The biggest difference in the three systems is in the presentation and that has nothing to do with tactics or depth.
I think the comments above show plenty of differences that go beyond presentation. RT and RTwP have the same presentation even, RT focuses on reactions, and RTwP allows you to stop and think, which for most people results in more sound and informed decision making.
That's an AI and/or user interface challenge. The engine should be keeping track of everything that happens and allow the gamer to either set conditions to pause on, or maintain a threat level for every character and allow the pause to be triggered by a threshold.
So what's the point in using RTWP at all? Using triggered pauses anytime something happens is precisely the redundancy I've been talking about, seeing that the whole point of a RTWP system is to avoid exactly these sorts of kludgy turn-basedisms.
When I think of the kludgyness of TB, I think of the stuff I mentioned above - not AI redundancy.
You would think someone going by EEVIAC would be smarter than to say something is never going to happen when computers are involved.
You don't seem to realize that the computer is the problem.
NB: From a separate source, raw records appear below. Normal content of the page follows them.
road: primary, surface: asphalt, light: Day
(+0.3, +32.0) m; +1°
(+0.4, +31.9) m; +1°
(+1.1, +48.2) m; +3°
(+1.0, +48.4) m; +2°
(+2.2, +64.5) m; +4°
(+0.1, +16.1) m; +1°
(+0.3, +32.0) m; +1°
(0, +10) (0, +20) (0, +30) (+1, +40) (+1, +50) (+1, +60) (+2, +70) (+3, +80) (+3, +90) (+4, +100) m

The better AI gets, the more it automates. I don't watch computer games, I play computer games. If it gets to the stage where my input is superfluous because the AI can do better, there's no point playing anymore.
This is a valid concern, and a definite challenge to how fun these games will be. But it needn't be a genre killer.A computer can play chess better than I can, but if I play a game with my wife, I have a computer play for me. There's also a big step between having the computer say "some say someone is shooting at me, I'd better pause" and having the computer say "someone is shooting at me, and the meatbag is drinking at the keyboard, so I'm executing defense plan zeta-434". A general hint, anything you can do, someone else can do better.
I think RTwP will definitely usurp turn-based in depth and thought. The question is will it do it in a way that is accessible enough for anyone other than Avalon Hill nerds to embrace it.
It won't because the limiter is the player. Players take a long time to make tactical decisions so you can't have fast action with deep tactics simultaneously. Either you ponder a decision or you interact in real time, you're not doing both.
The question isn't either/or - it's where to draw the line. Everyone has a different preference, so it's choosing a market and optimizing for it. Twitch RT w/o depth has a big market, and excrutiating painful planning has a small but bitter market, and their are hills and valleys imbetween. I think a problem facing RT is that to get comparable depth, you have to give up more pacing than with TB. I doubt this challenge is impossible, but it's not trivial.